Without any pictures, output the records exactly as they are.

━━━━━━

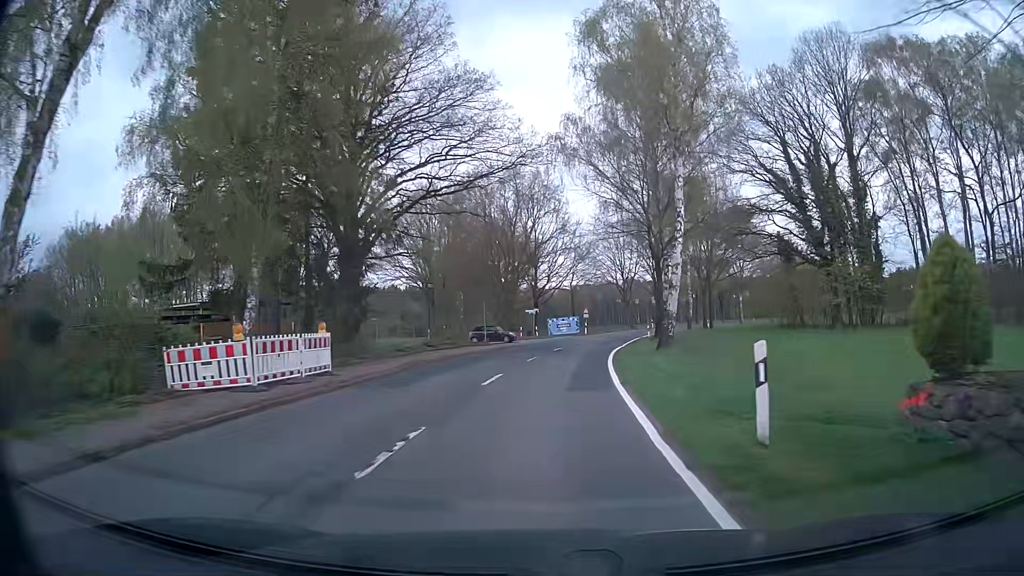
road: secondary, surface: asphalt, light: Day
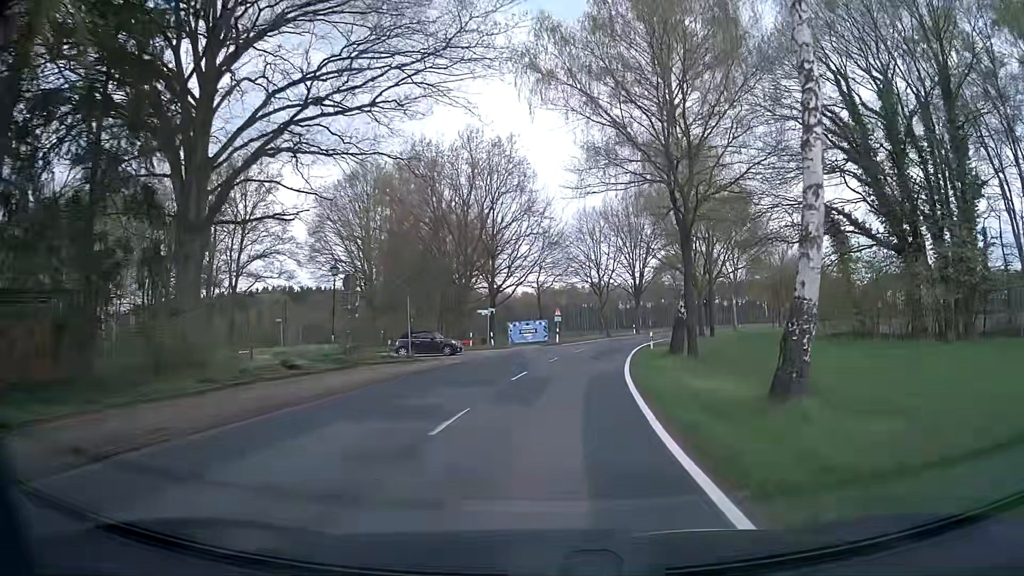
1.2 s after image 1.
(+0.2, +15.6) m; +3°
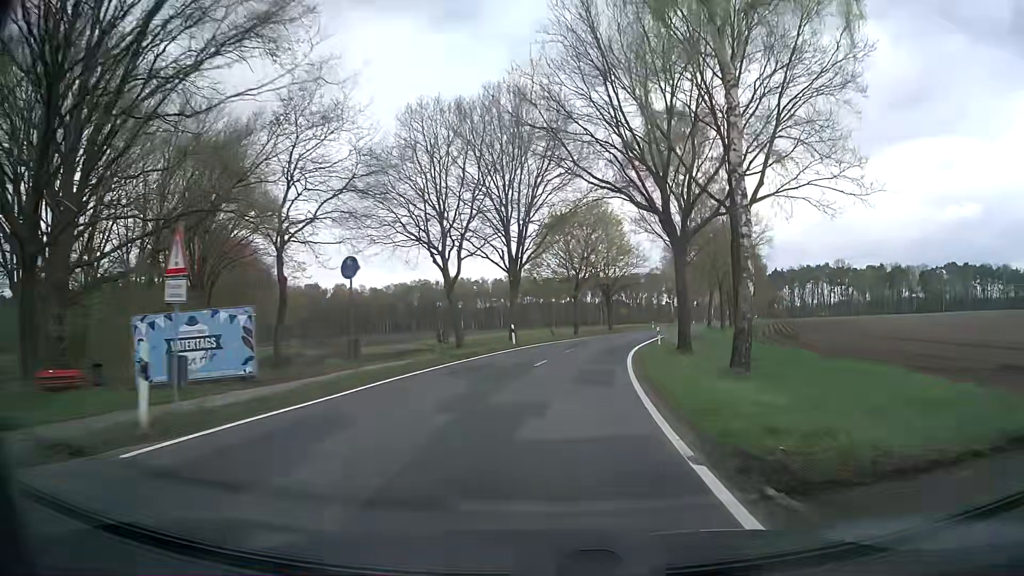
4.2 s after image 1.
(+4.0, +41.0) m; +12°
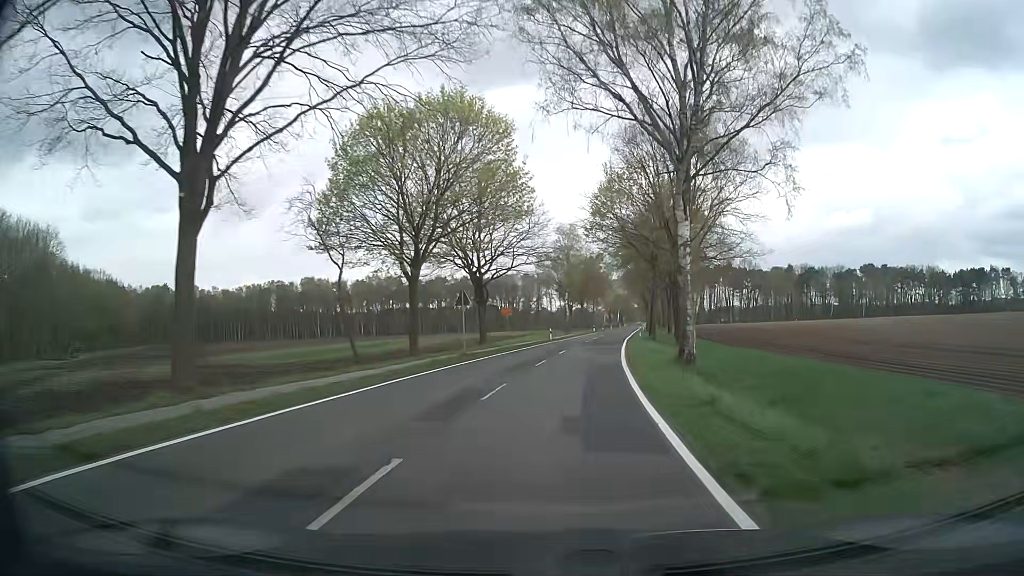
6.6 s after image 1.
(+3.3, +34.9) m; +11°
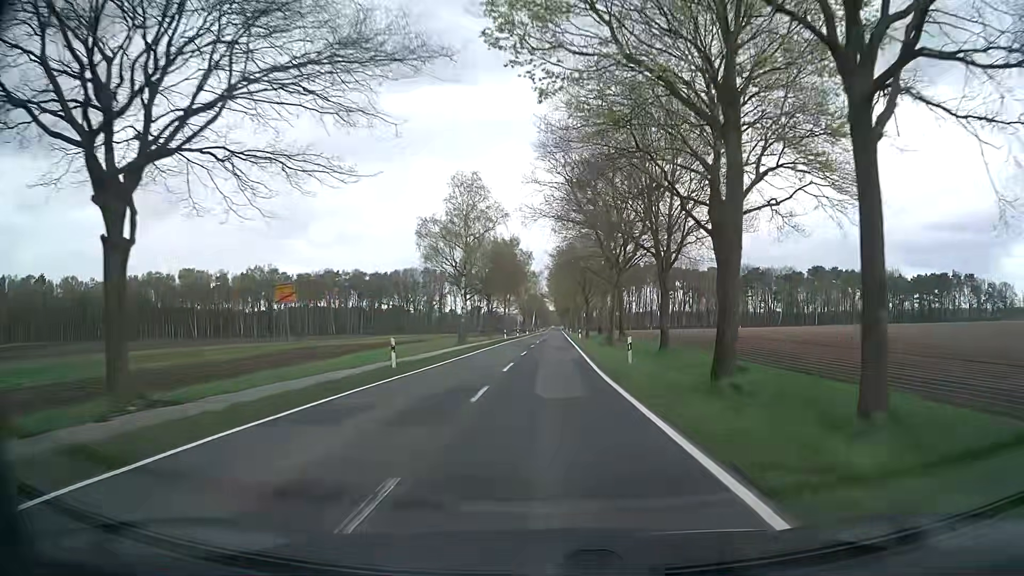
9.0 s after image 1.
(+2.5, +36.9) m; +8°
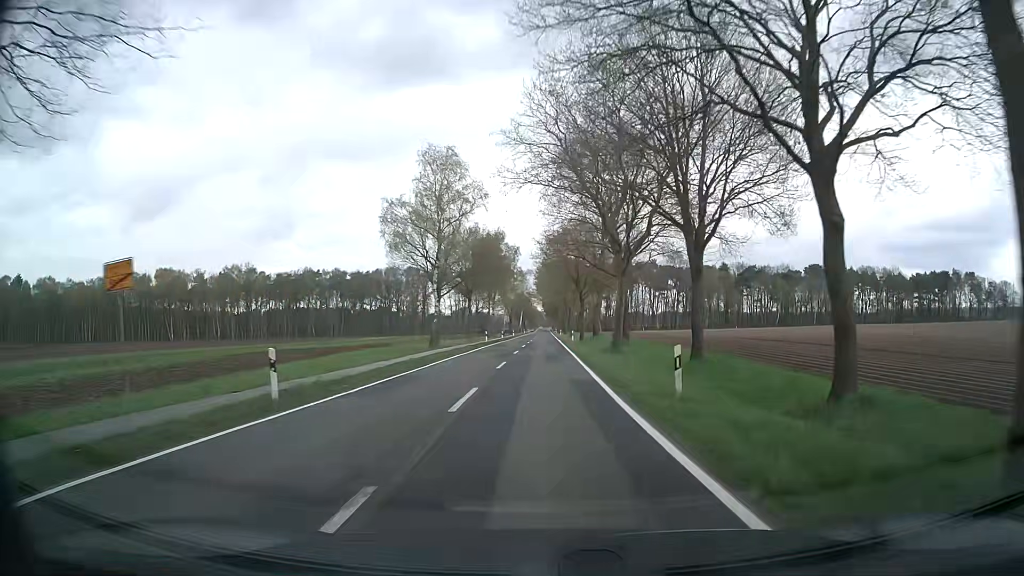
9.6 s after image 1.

━━━━━━

- _Solution to this problem_
road: secondary, surface: asphalt, light: Day
1.2 s after image 1.
(+0.2, +15.6) m; +3°
4.2 s after image 1.
(+4.0, +41.0) m; +12°
6.6 s after image 1.
(+3.3, +34.9) m; +11°
9.0 s after image 1.
(+2.5, +36.9) m; +8°
9.6 s after image 1.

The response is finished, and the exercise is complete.